New and old results on spherical varieties via moduli theory

Given a connected reductive algebraic group $G$ and a finitely generated monoid $\Gamma$ of dominant weights of $G$, in 2005 Alexeev and Brion constructed a moduli scheme $\mathrm M_\Gamma$ for multiplicity-free affine $G$-varieties with weight monoid $\Gamma$. This scheme is equipped with an action of an `adjoint torus' $T_{\mathrm{ad}}$ and has a distinguished $T_{\mathrm{ad}}$-fixed point $X_0$. In this paper, we obtain a complete description of the $T_{\mathrm{ad}}$-module structure in the tangent space of $\mathrm M_\Gamma$ at $X_0$ for the case where $\Gamma$ is saturated.

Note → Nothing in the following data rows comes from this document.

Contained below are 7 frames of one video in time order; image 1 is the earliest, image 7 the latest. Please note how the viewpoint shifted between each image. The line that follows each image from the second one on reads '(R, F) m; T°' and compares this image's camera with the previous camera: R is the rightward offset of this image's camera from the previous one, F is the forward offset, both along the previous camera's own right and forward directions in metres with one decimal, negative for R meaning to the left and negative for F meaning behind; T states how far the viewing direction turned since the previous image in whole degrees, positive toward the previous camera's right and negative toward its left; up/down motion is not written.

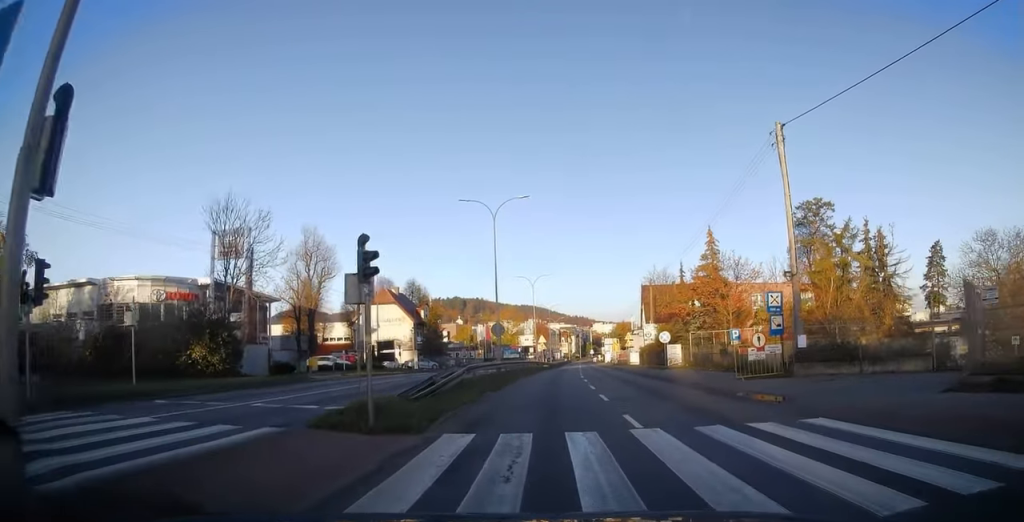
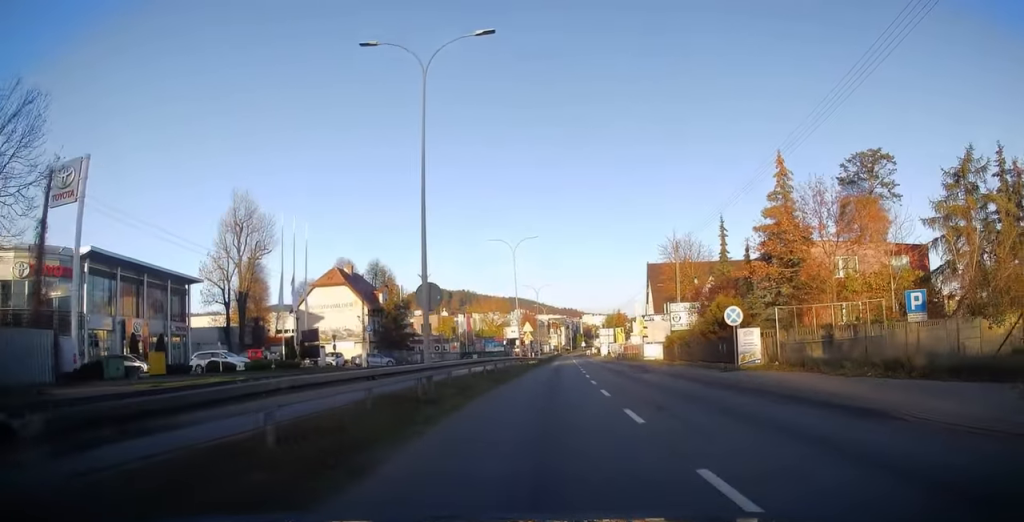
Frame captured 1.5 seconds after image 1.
(-0.1, +18.6) m; +1°
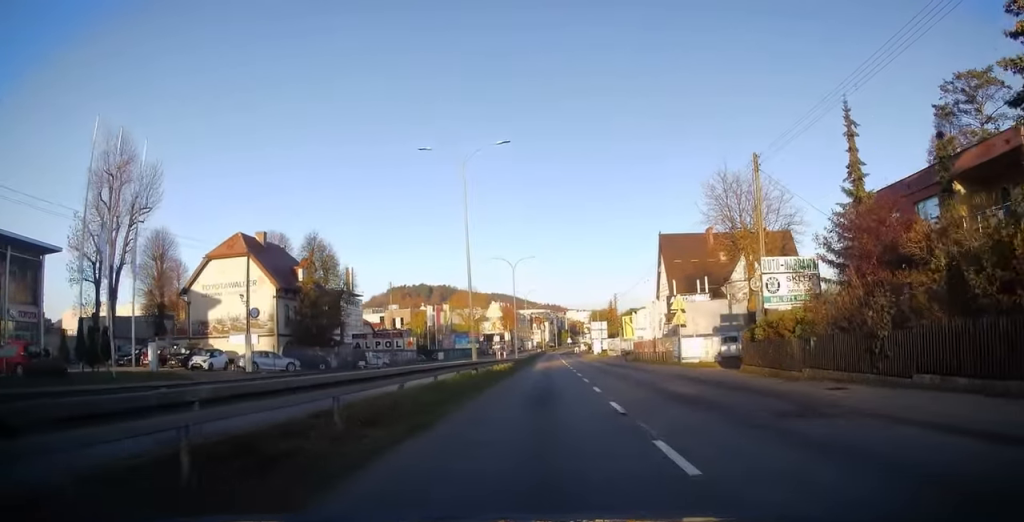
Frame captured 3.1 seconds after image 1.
(+0.6, +22.3) m; +2°
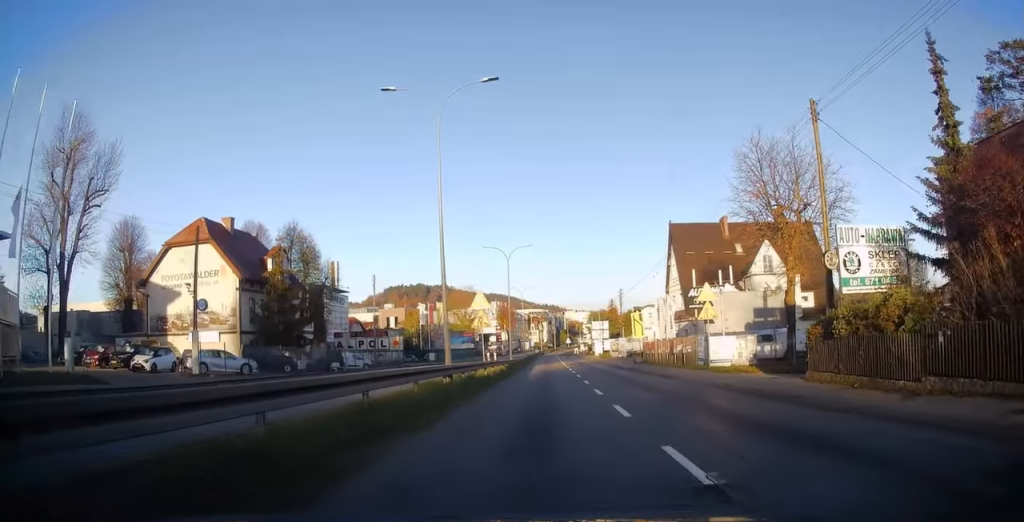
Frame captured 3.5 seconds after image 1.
(-0.1, +6.6) m; 0°
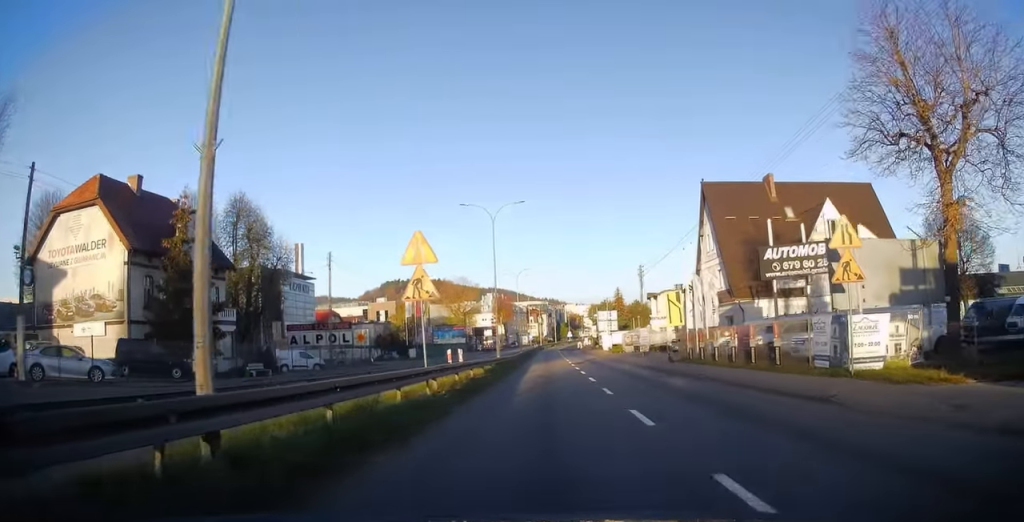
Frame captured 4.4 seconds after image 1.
(0.0, +14.0) m; 0°
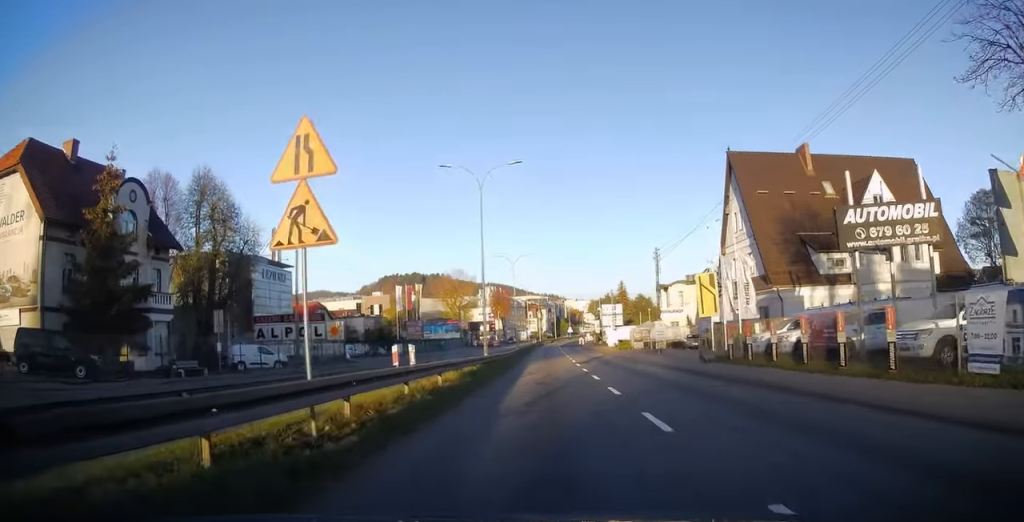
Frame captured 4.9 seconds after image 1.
(+0.1, +7.3) m; 0°
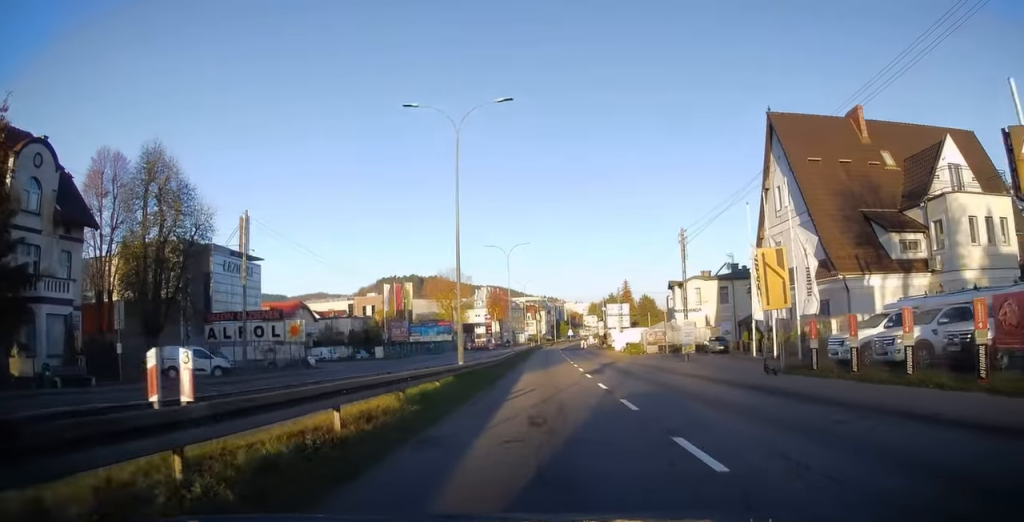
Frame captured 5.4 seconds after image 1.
(0.0, +8.6) m; 0°

Using this description, we prove that the root monoid of any affine spherical $G$-variety is free. As another application, we obtain new proofs of uniqueness results for affine spherical varieties and spherical homogeneous spaces first proved by Losev in 2009. Furthermore, we obtain a new proof of Alexeev and Brion's finiteness result for multiplicity-free affine $G$-varieties with a prescribed weight monoid. At last, we prove that for saturated $\Gamma$ all the irreducible components of $\mathrm M_\Gamma$, equipped with their reduced subscheme structure, are affine spaces.